This adds functional tests for the USDT tracepoints added in #22006 and #22902. This partially fixes #23296. The tests are probably skipped on most systems as these tests require:
- a Linux system with a kernel that supports BPF (and available kernel headers)
- that Bitcoin Core is compiled with tracepoints for USDT support (default when compiled with depends)
- bcc installed
- the tests are run with a privileged user that is able to e.g. do BPF syscalls and load BPF maps
The tests are not yet run in our CI as the CirrusCI containers lack the required permissions (see #23296 (comment)). Running the tests in a VM in the CI could work, but I haven’t experimented with this yet. The priority was to get the actual tests done first to ensure the tracepoints work as intended for the v23.0 release. Running the tracepoint tests in the CI is planned as the next step to finish #23296.

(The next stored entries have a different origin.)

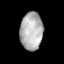
Tissue: prostate
Cell type: T cells
Senescence score: 0.3591
Nuclear area (px): 830
Mean DAPI intensity: 178.494
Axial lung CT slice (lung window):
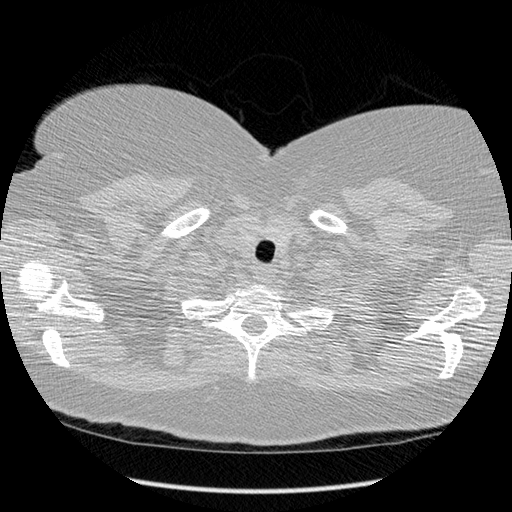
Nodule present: no
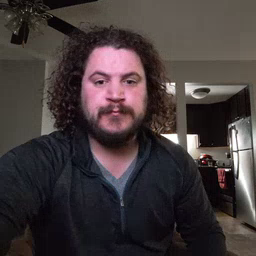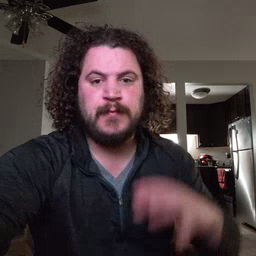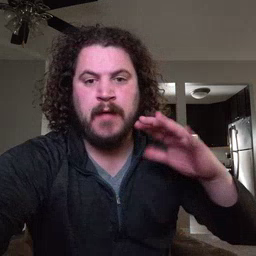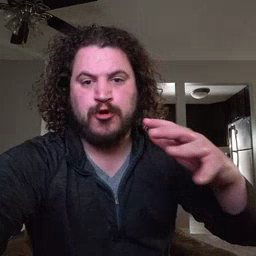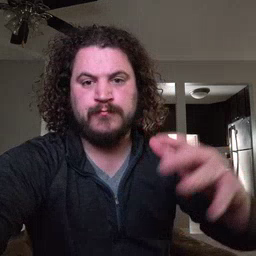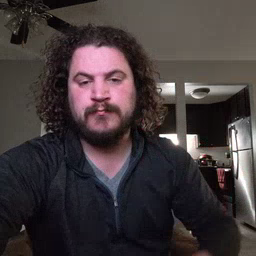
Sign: helicopter

The tests can, however, be run against e.g. release candidates by hand. Additionally, they provide a starting point for tests for future tracepoints. PRs adding new tracepoint should include tests. This makes reviewing these PRs easier.
The tests require privileges to execute BPF sycalls (CAP_SYS_ADMIN
before Linux kernel 5.8 and CAP_BPF
and CAP_PERFMON
on 5.8+) and permissions to /sys/kernel/debug/tracing/
. It’s currently recommended to run the tests in a virtual machine (or on a VPS) where it’s sensible to use the root
user to gain these privileges. Never run python scripts you haven’t carefully reviewed with root
permissions! It’s unclear if a non-root user can even gain the required privileges. This needs more experimenting.
The goal here is to test the tracepoint interface to make sure the documented interface does not break by accident. The tracepoints expose implementation details. This means we also need to rely on implementation details of Bitcoin Core in these functional tests to trigger the tracepoints. An example is the test of the utxocache:flush
tracepoint: On Bitcoin Core shutdown, the UTXO cache is flushed twice. The corresponding tracepoint test expects two flushes, too - if not, the test fails. Changing implementation details could cause these tests to fail and the tracepoint API to break. However, we purposefully treat the tracepoints only as semi-stable. The tracepoints should not block refactors or changes to other internals.